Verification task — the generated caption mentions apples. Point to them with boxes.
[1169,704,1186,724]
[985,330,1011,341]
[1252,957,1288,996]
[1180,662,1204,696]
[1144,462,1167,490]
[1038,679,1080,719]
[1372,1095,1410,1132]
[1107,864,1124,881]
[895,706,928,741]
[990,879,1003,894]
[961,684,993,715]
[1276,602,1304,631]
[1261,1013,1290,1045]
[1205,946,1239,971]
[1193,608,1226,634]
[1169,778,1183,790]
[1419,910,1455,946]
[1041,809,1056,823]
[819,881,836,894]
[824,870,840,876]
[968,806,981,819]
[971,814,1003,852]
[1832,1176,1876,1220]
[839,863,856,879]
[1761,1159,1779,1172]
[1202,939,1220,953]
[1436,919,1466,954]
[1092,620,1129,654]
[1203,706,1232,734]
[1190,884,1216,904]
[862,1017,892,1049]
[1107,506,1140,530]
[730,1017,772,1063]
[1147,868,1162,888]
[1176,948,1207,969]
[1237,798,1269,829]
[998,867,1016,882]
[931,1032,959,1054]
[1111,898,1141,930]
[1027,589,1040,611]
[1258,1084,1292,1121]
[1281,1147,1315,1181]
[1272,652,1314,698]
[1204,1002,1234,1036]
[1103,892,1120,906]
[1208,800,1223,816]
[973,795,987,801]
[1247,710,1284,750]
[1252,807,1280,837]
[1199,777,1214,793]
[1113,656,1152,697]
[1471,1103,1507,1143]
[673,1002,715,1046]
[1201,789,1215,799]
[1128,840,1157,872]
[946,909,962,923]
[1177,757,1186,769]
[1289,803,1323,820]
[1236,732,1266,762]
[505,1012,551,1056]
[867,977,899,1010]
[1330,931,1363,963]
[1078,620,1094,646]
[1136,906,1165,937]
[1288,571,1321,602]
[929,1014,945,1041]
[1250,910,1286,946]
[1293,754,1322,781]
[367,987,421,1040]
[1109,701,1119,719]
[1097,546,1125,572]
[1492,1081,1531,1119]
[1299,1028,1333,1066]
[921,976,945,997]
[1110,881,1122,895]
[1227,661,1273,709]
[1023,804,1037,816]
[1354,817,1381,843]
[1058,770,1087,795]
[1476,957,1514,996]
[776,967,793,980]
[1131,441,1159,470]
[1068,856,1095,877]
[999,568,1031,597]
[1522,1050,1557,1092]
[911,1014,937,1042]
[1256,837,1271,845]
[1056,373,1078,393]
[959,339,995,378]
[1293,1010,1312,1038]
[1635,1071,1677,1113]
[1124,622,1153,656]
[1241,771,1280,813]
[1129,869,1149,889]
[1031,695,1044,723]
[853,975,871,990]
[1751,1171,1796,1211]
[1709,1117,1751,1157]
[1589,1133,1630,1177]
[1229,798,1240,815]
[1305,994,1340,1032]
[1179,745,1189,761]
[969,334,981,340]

=-=-=-=-=

[Work order]: Using the listing above, write every line out again exactly.

[Completed task]:
Verification task — the generated caption mentions apples. Point to them with boxes.
[1169,704,1186,724]
[985,330,1011,341]
[1252,957,1288,996]
[1180,662,1204,696]
[1144,462,1167,490]
[1038,679,1080,719]
[1372,1095,1410,1132]
[1107,864,1124,881]
[895,706,928,741]
[990,879,1003,894]
[961,684,993,715]
[1276,602,1304,631]
[1261,1013,1290,1045]
[1205,946,1239,971]
[1193,608,1226,634]
[1169,778,1183,790]
[1419,910,1455,946]
[1041,809,1056,823]
[819,881,836,894]
[824,870,840,876]
[968,806,981,819]
[971,814,1003,852]
[1832,1176,1876,1220]
[839,863,856,879]
[1761,1159,1779,1172]
[1202,939,1220,953]
[1436,919,1466,954]
[1092,620,1129,654]
[1203,706,1232,734]
[1190,884,1216,904]
[862,1017,892,1049]
[1107,506,1140,530]
[730,1017,772,1063]
[1147,868,1162,888]
[1176,948,1207,969]
[1237,798,1269,829]
[998,867,1016,882]
[931,1032,959,1054]
[1111,898,1141,930]
[1027,589,1040,611]
[1258,1084,1292,1121]
[1281,1147,1315,1181]
[1272,652,1314,698]
[1204,1002,1234,1036]
[1103,892,1120,906]
[1208,800,1223,816]
[973,795,987,801]
[1247,710,1284,750]
[1252,807,1280,837]
[1199,777,1214,793]
[1113,656,1152,697]
[1471,1103,1507,1143]
[673,1002,715,1046]
[1201,789,1215,799]
[1128,840,1157,872]
[946,909,962,923]
[1177,757,1186,769]
[1289,803,1323,820]
[1236,732,1266,762]
[505,1012,551,1056]
[867,977,899,1010]
[1330,931,1363,963]
[1078,620,1094,646]
[1136,906,1165,937]
[1288,571,1321,602]
[929,1014,945,1041]
[1250,910,1286,946]
[1293,754,1322,781]
[367,987,421,1040]
[1109,701,1119,719]
[1097,546,1125,572]
[1492,1081,1531,1119]
[1299,1028,1333,1066]
[921,976,945,997]
[1110,881,1122,895]
[1227,661,1273,709]
[1023,804,1037,816]
[1354,817,1381,843]
[1058,770,1087,795]
[1476,957,1514,996]
[776,967,793,980]
[1131,441,1159,470]
[1068,856,1095,877]
[999,568,1031,597]
[1522,1050,1557,1092]
[911,1014,937,1042]
[1256,837,1271,845]
[1056,373,1078,393]
[959,339,995,378]
[1293,1010,1312,1038]
[1635,1071,1677,1113]
[1124,622,1153,656]
[1241,771,1280,813]
[1129,869,1149,889]
[1031,695,1044,723]
[853,975,871,990]
[1751,1171,1796,1211]
[1709,1117,1751,1157]
[1589,1133,1630,1177]
[1229,798,1240,815]
[1305,994,1340,1032]
[1179,745,1189,761]
[969,334,981,340]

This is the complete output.